Горячка продолжалась двенадцать дней. Пришлось пригласить врача из Лурда, но и это не помогло. Сестра Анжелика шептала, что надо меня спустить туда, в черный город падших ангелов, что подобный аномальный жар — точно дело рук дьявола.
Прокурор Республики закрыл мое дело без разговоров.
Длинными синусоидами со мной разговаривали голоса. Я ловил радиоволны со всей вселенной. Двенадцать дней я не был сиротой. Мама выжимала полотенце и клала его мне на лоб. Отец заставлял глотать горькие лекарства: «Для твоего же блага, этот старинный рецепт из венецианского гетто нам дал Ротенберг». Несколько раз я видел, как Момо корчится на соседней кровати в медпункте — и днем, и ночью. Если он не бился в эпилептическом родео, то пристально смотрел на меня, изо всех оставшихся сил прижав к груди плюшевого осла. Изо всех оставшихся мне сил я отворачивался. Если реальностью был Момо, я предпочитал горячку, ее глухие волны, ватные объятия и темную дрожь. Я предпочитал сгорать в ярком огне видений.
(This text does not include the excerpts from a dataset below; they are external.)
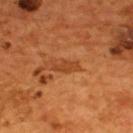notes — no biopsy performed (imaged during a skin exam)
patient — male, approximately 55 years of age
imaging modality — ~15 mm crop, total-body skin-cancer survey
TBP lesion metrics — a footprint of about 3.5 mm², an outline eccentricity of about 0.9 (0 = round, 1 = elongated), and a shape-asymmetry score of about 0.35 (0 = symmetric); a mean CIELAB color near L≈41 a*≈26 b*≈38, roughly 8 lightness units darker than nearby skin, and a normalized lesion–skin contrast near 6; a nevus-likeness score of about 10/100 and a lesion-detection confidence of about 90/100
anatomic site — the upper back
illumination — cross-polarized
size — ≈3.5 mm

Антибиотики делу не помогли. Я мог бы сказать им всем, что моя болезнь не лечится пенициллином, припарками, и даже ночные сеансы экзорцизма, которые тайком проводила сестра Анжелика, читая по книжонке, похожей на мой учебник физкультуры, тоже не помогут. Настоящей проблемой были слезы.
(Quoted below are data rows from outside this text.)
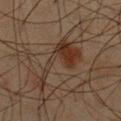Assessment:
Recorded during total-body skin imaging; not selected for excision or biopsy.
Context:
Approximately 8 mm at its widest. A male subject, aged approximately 45. A 15 mm close-up extracted from a 3D total-body photography capture. Automated image analysis of the tile measured border irregularity of about 10 on a 0–10 scale. From the chest. The tile uses cross-polarized illumination.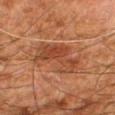Part of a total-body skin-imaging series; this lesion was reviewed on a skin check and was not flagged for biopsy.
The tile uses cross-polarized illumination.
On the right thigh.
A 15 mm close-up extracted from a 3D total-body photography capture.
A male patient, aged around 80.
An algorithmic analysis of the crop reported an area of roughly 14 mm², a shape eccentricity near 0.8, and a symmetry-axis asymmetry near 0.5.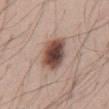| key | value |
|---|---|
| follow-up | total-body-photography surveillance lesion; no biopsy |
| patient | male, aged approximately 45 |
| anatomic site | the abdomen |
| lesion size | about 4.5 mm |
| image-analysis metrics | an outline eccentricity of about 0.7 (0 = round, 1 = elongated); a border-irregularity index near 1.5/10, a within-lesion color-variation index near 7.5/10, and peripheral color asymmetry of about 2; an automated nevus-likeness rating near 95 out of 100 and a lesion-detection confidence of about 100/100 |
| tile lighting | white-light |
| image source | total-body-photography crop, ~15 mm field of view |

Я избегал этой темы как мог. Но когда-нибудь придется поговорить о слезах. С крушения самолета, с единения моей семьи и металла в огненном тигле, я не проронил ни слезинки. Я просто их не нашел, шептал психолог. Хотя искал. Но я мог сколько угодно стараться, думать о гробах родителей, о невыносимом гробике, послушно вставшем с ними в ряд в день похорон, о разделяющем их дереве, лишающем права на любое прикосновение, — ничего не происходило. Но вселенная требовала. Мои слезы существовали, и этот невыплаченный долг стал причиной разъедающей тело болезни.